Top of EXERCISE DATA

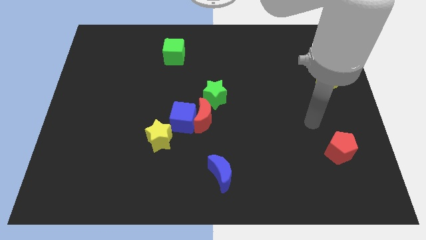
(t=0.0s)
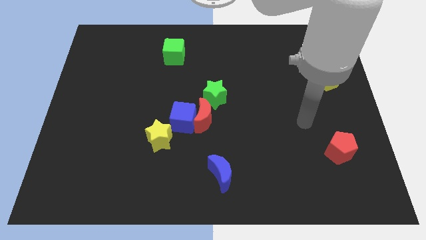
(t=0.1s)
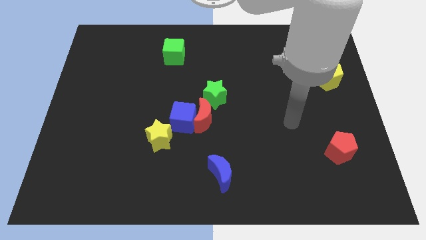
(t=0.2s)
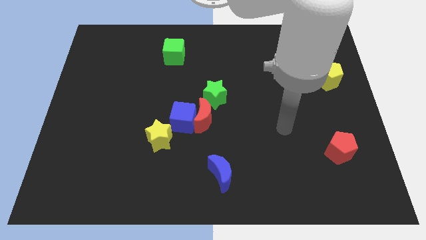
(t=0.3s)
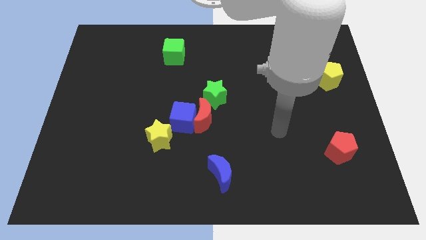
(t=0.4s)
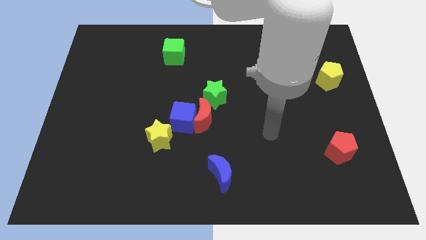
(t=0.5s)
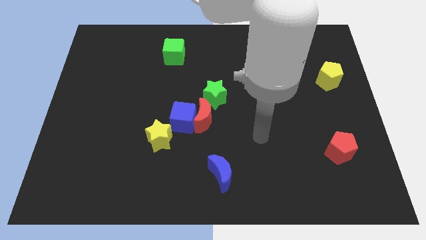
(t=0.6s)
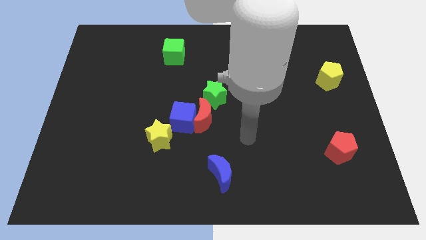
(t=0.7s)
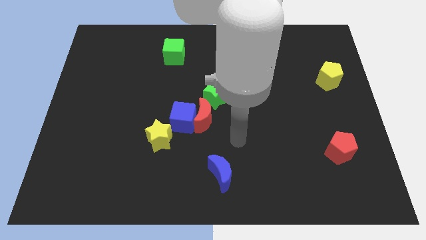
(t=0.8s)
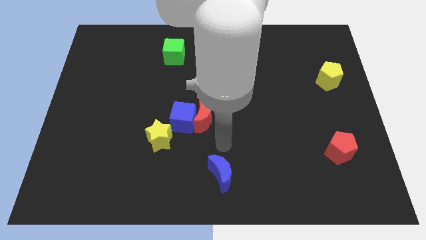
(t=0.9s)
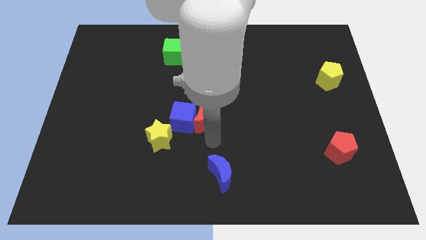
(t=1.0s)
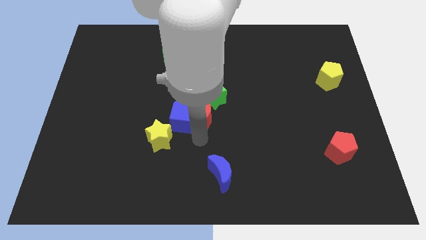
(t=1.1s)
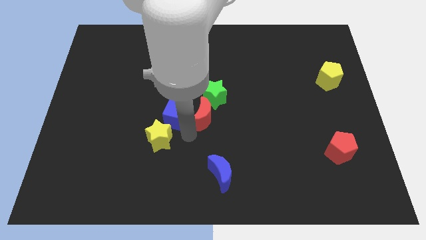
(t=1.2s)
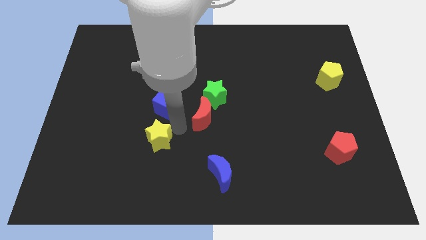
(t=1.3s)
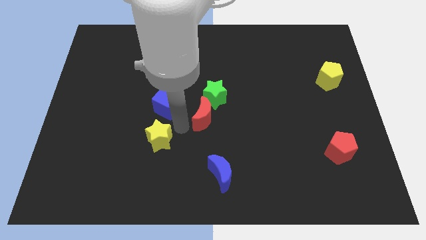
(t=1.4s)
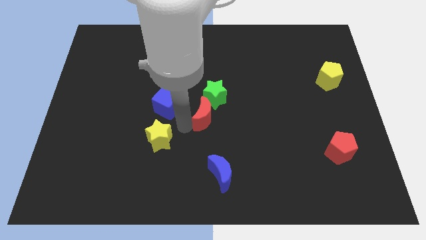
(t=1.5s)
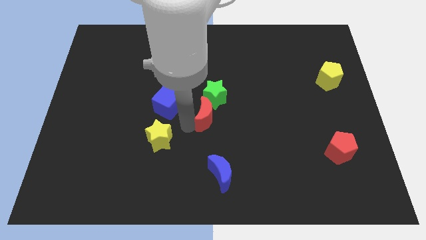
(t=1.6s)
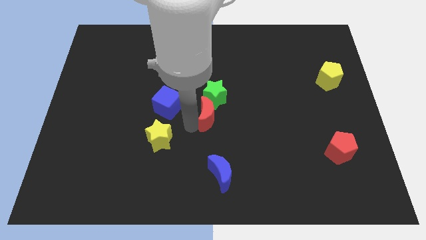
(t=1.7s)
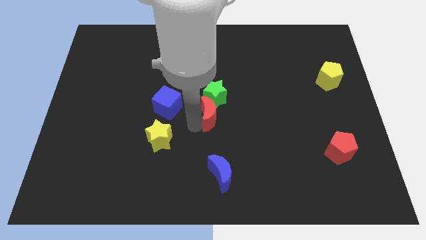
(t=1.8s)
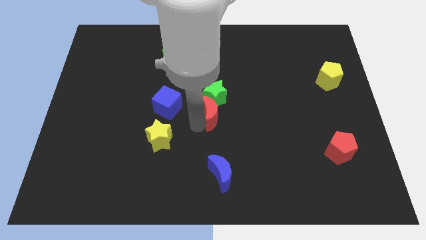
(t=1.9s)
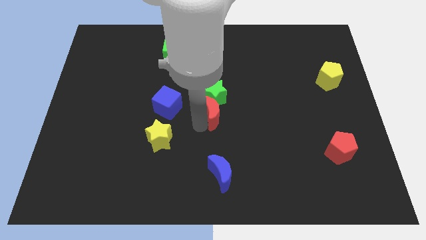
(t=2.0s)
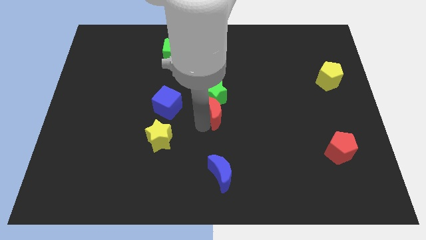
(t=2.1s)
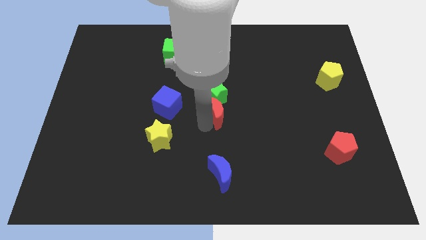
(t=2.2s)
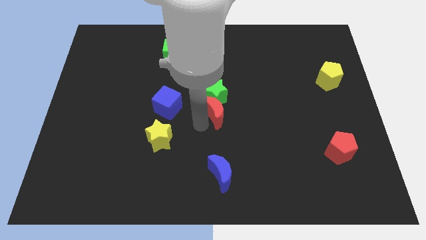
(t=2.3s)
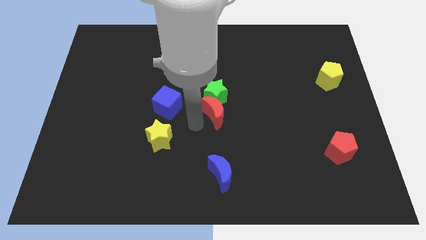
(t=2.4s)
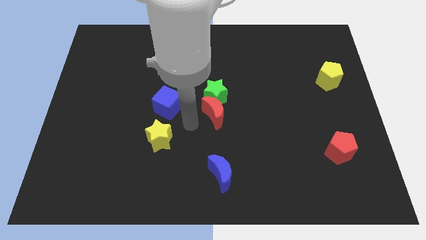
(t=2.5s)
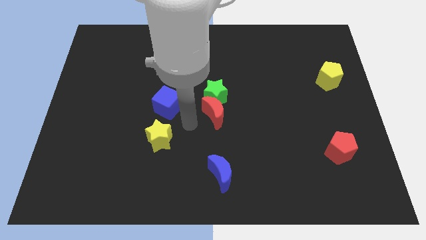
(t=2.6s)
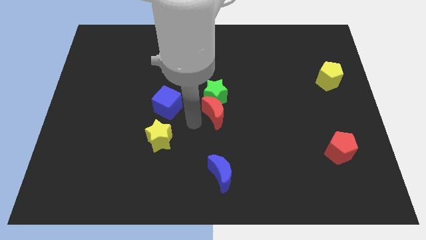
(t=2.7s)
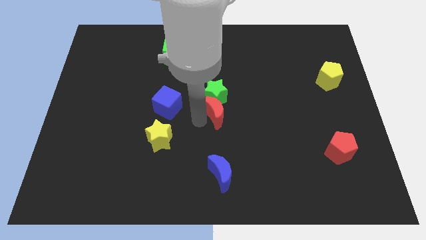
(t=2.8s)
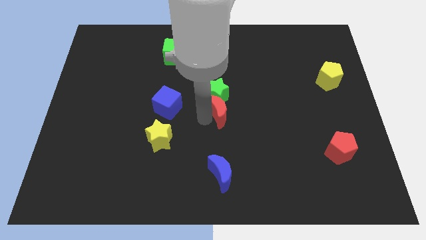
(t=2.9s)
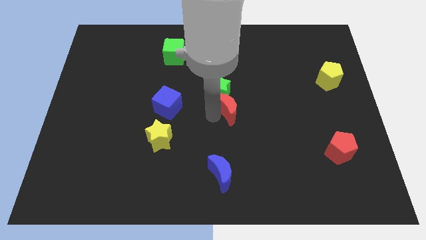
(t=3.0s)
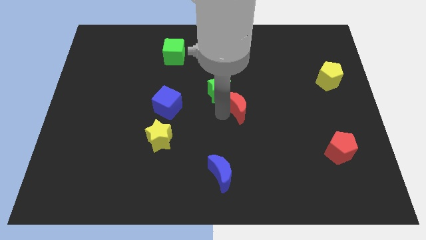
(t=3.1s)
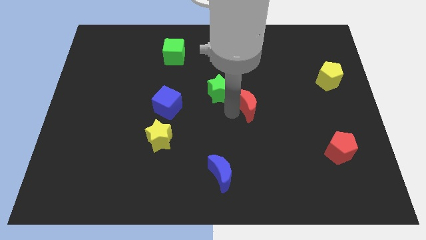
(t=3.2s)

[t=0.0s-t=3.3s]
put the red moon right of the green star

Bottom of EXERCISE DATA

**WORK INSTRUCTION:** Would you retype every record above exactly, leaving out the pictures?

**RESPONSE TO THIS TASK:**
(t=0.0s)
(t=0.1s)
(t=0.2s)
(t=0.3s)
(t=0.4s)
(t=0.5s)
(t=0.6s)
(t=0.7s)
(t=0.8s)
(t=0.9s)
(t=1.0s)
(t=1.1s)
(t=1.2s)
(t=1.3s)
(t=1.4s)
(t=1.5s)
(t=1.6s)
(t=1.7s)
(t=1.8s)
(t=1.9s)
(t=2.0s)
(t=2.1s)
(t=2.2s)
(t=2.3s)
(t=2.4s)
(t=2.5s)
(t=2.6s)
(t=2.7s)
(t=2.8s)
(t=2.9s)
(t=3.0s)
(t=3.1s)
(t=3.2s)

[t=0.0s-t=3.3s]
put the red moon right of the green star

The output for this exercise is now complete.